CV Research Unit, Department of Internal Medicine, Glostrup University Hospital, Denmark.
J Hypertens. 2012 Oct;30(10):1928-36. doi: 10.1097/HJH.0b013e328356c579.
Markers of subclinical target organ damage (TOD) increase cardiovascular (CV) risk prediction beyond traditional risk factors. We wanted to establish thresholds for three markers of TOD based on absolute CV risk in different risk chart categories.
In a cohort of 1968 healthy patients, we measured urine albumin creatine ratio (UACR), pulse wave velocity (PWV), left ventricular mass index (LVMI) and traditional risk factors. Patients were categorized according to Systemic Coronary Evaluation (SCORE), European Society of Hypertension/European Society of Cardiology (ESH/ESC) risk chart and Framingham risk score (FRS) and three corresponding endpoints were recorded: CV death (SCORE-endpoint), a composite of CV death and nonfatal myocardial infarction and stroke (ESH/ESC-endpoint), and a composite that also included hospital admissions for ischemic heart disease, heart failure, peripheral arterial disease and transient cerebral ischemic attack (FRS-endpoint). During a median follow of 12.8 years events totaled 81 SCORE-, 153 ESH/ESC-endpoints and 280 FRS-endpoints. Thresholds for UACR, PWV and LVMI are presented using 10-year risk threshold of more than 5% (SCORE-endpoint), more than 10%(ESH/ESC-endpoint) and more than 20%(FRS-endpoint), which indicated high risk and eligibility for primary prevention. As an example, the threshold was 0.83 mg/mmol, 13.7 m/s and 119 g/m for UACR, PWV and LVMI, respectively, for patients at moderate added risk according to ESH/ESC risk chart.
Thresholds for UACR, PVW and LVMI based on absolute risk have primarily impact on risk stratification in patients with intermediate risk. The thresholds for PWV and LVMI in patients with moderate risk according to the ESH/ESC risk chart were similar to currently applied thresholds whereas the threshold for UACR was considerable lower than the threshold for microalbuminuria.
亚临床靶器官损害(TOD)标志物可增加心血管(CV)风险预测的准确性,超越传统风险因素。我们希望根据不同风险图表类别的绝对 CV 风险,为三种 TOD 标志物建立基于绝对值的风险预测切点。
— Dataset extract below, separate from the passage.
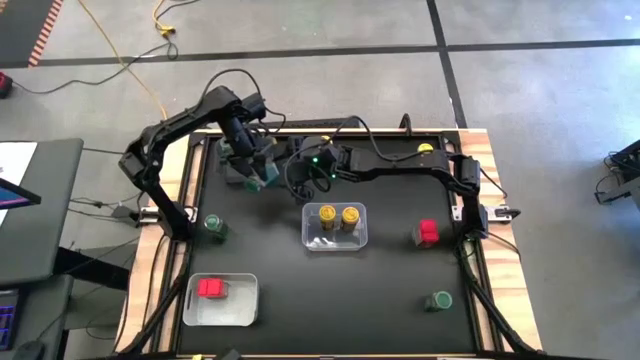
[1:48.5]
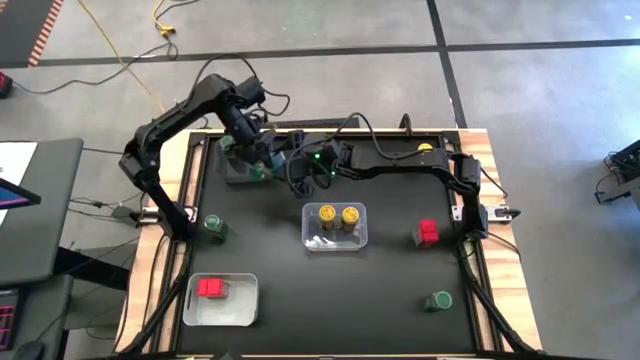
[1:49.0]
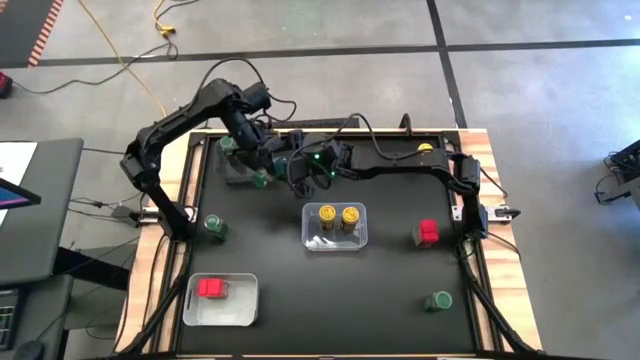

在一项由 1968 名健康患者组成的队列中,我们测量了尿白蛋白肌酐比(UACR)、脉搏波速度(PWV)、左心室质量指数(LVMI)和传统危险因素。根据系统冠状动脉评估(SCORE)、欧洲高血压学会/欧洲心脏病学会(ESH/ESC)风险图表和 Framingham 风险评分(FRS)对患者进行分类,并记录了三个相应的终点:CV 死亡(SCORE 终点)、CV 死亡和非致命性心肌梗死及卒中的复合终点(ESH/ESC 终点)以及包括缺血性心脏病、心力衰竭、外周动脉疾病和短暂性脑缺血发作住院的复合终点(FRS 终点)。在中位数为 12.8 年的随访期间,共发生 81 例 SCORE 终点事件、153 例 ESH/ESC 终点事件和 280 例 FRS 终点事件。UACR、PWV 和 LVMI 的切点采用 10 年风险超过 5%(SCORE 终点)、10%(ESH/ESC 终点)和 20%(FRS 终点)的切点表示,提示高风险和适合初级预防。例如,ESH/ESC 风险图表中中等附加风险患者的 UACR、PWV 和 LVMI 切点分别为 0.83mg/mmol、13.7m/s 和 119g/m。
基于绝对风险的 UACR、PVW 和 LVMI 切点主要影响中危患者的风险分层。根据 ESH/ESC 风险图表,中等风险患者的 PWV 和 LVMI 切点与目前应用的切点相似,而 UACR 切点明显低于微量白蛋白尿的切点。